BAGHDAD: Pro-Iran Shiite parties won the majority of council seats in most of Iraq’s provinces, the final results from Dec 18 elections released by the electoral commission showed on Thursday.
The vote was the first held in a decade and took place amid widespread political apathy in the oil-rich country, which is recovering from years of conflict and plagued by corruption.
Polling took place in 15 of Iraq’s 18 provinces, with the three provinces in the autonomous region of Kurdistan due to hold a separate vote next year.
The provincial councils, set up after the 2003 US-led invasion that toppled dictator Saddam Hussein, choose regional governors and manage budgets for health, transport and education.
In nine central and southern provinces, the big winners were either the parties of outgoing governors, or coalitions formed by the pro-Iran parties that dominate parliament.
The vote was seen as a key test for Prime Minister Mohammed Shia al-Sudani, who rose to power just over a year ago, backed by pro-Tehran parties.
It came ahead of a general election due in 2025.

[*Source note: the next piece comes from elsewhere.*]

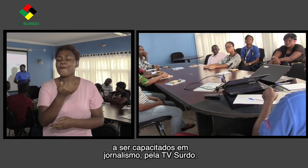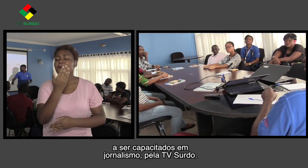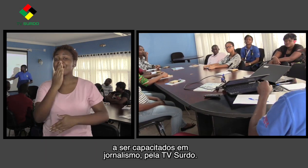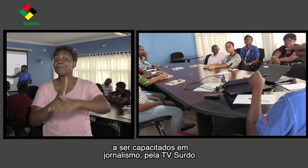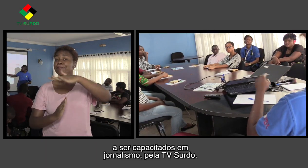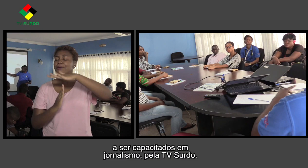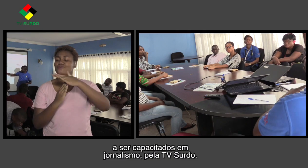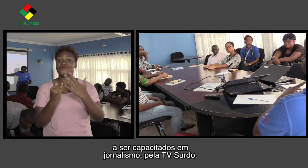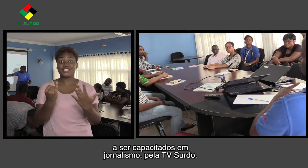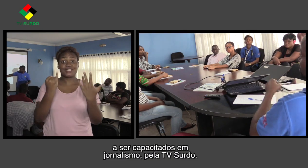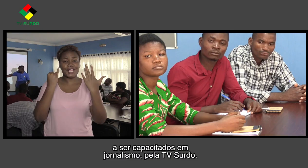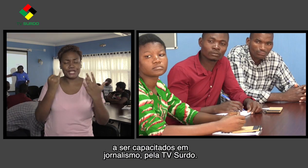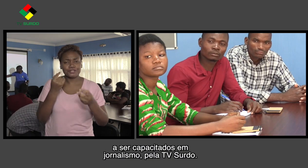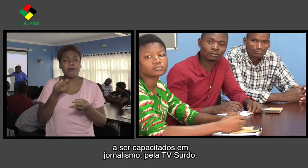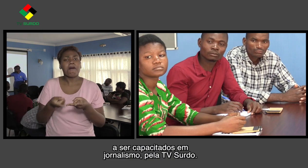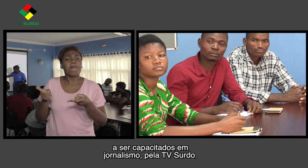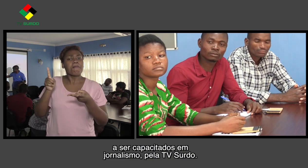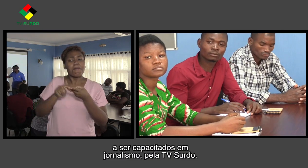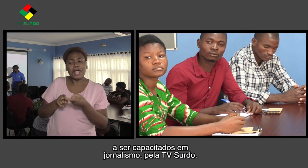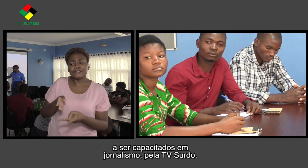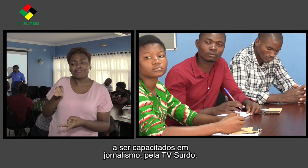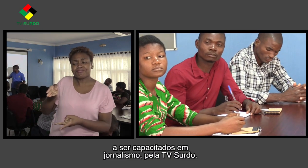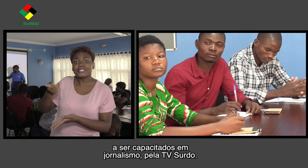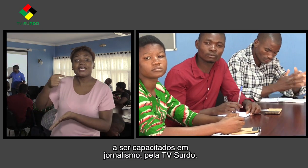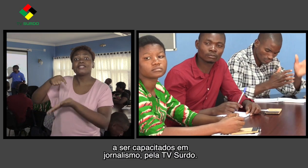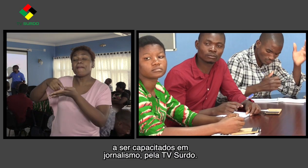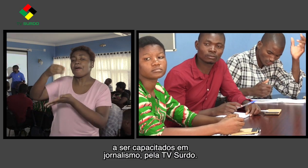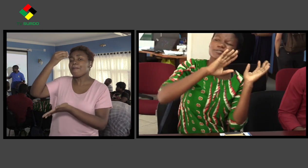capacitados em jornalismo pela TV surdo.

Turnout in the Dec 18 elections was 41%, according to the electoral commission.
Results showed that four alliances dominated the vote in Baghdad, Dhi Qar, Maysan, Basra, Babylon and Wassit provinces.
They included the “Nabni” (We build) alliance led by Hadi al-Ameri, a senior commander of the Hashed al-Shaabi, a network of former paramilitary units now integrated into the regular forces.

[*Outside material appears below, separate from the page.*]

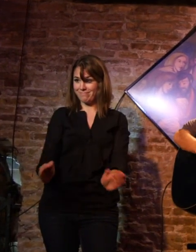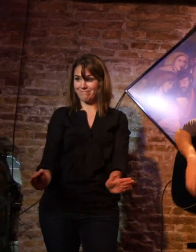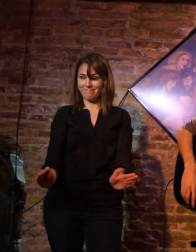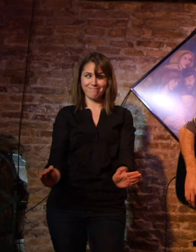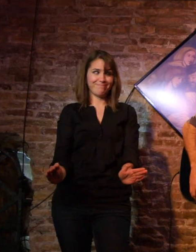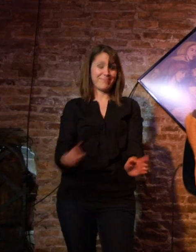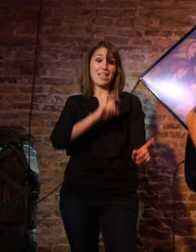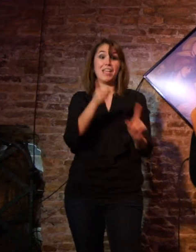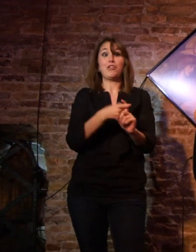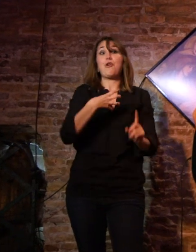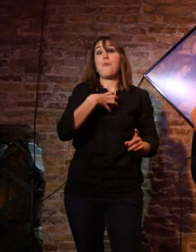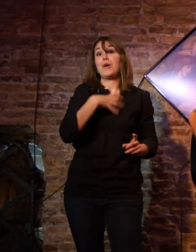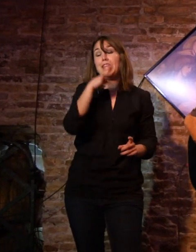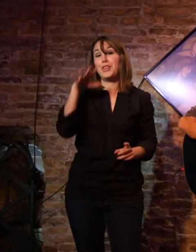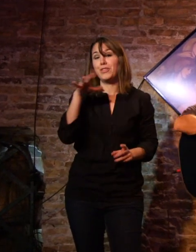Y nos encuentra en el corte inglés.

Former premier Nuri al-Maliki’s State of Law coalition and the Patriotic forces of the State Coalition, led by Shiite cleric Ammar al-Hakim and ex-premier Haider al-Abadi, also did well.
In Baghdad, the State of Law and Nabni dominated, with each taking nine out of 52 seats, followed by the Taqadom party of Mohamed al-Halbussi, the influential Sunni Muslim former speaker of parliament.
Halbussi was victorious in the predominantly Sunni Anbar province in the west of the country.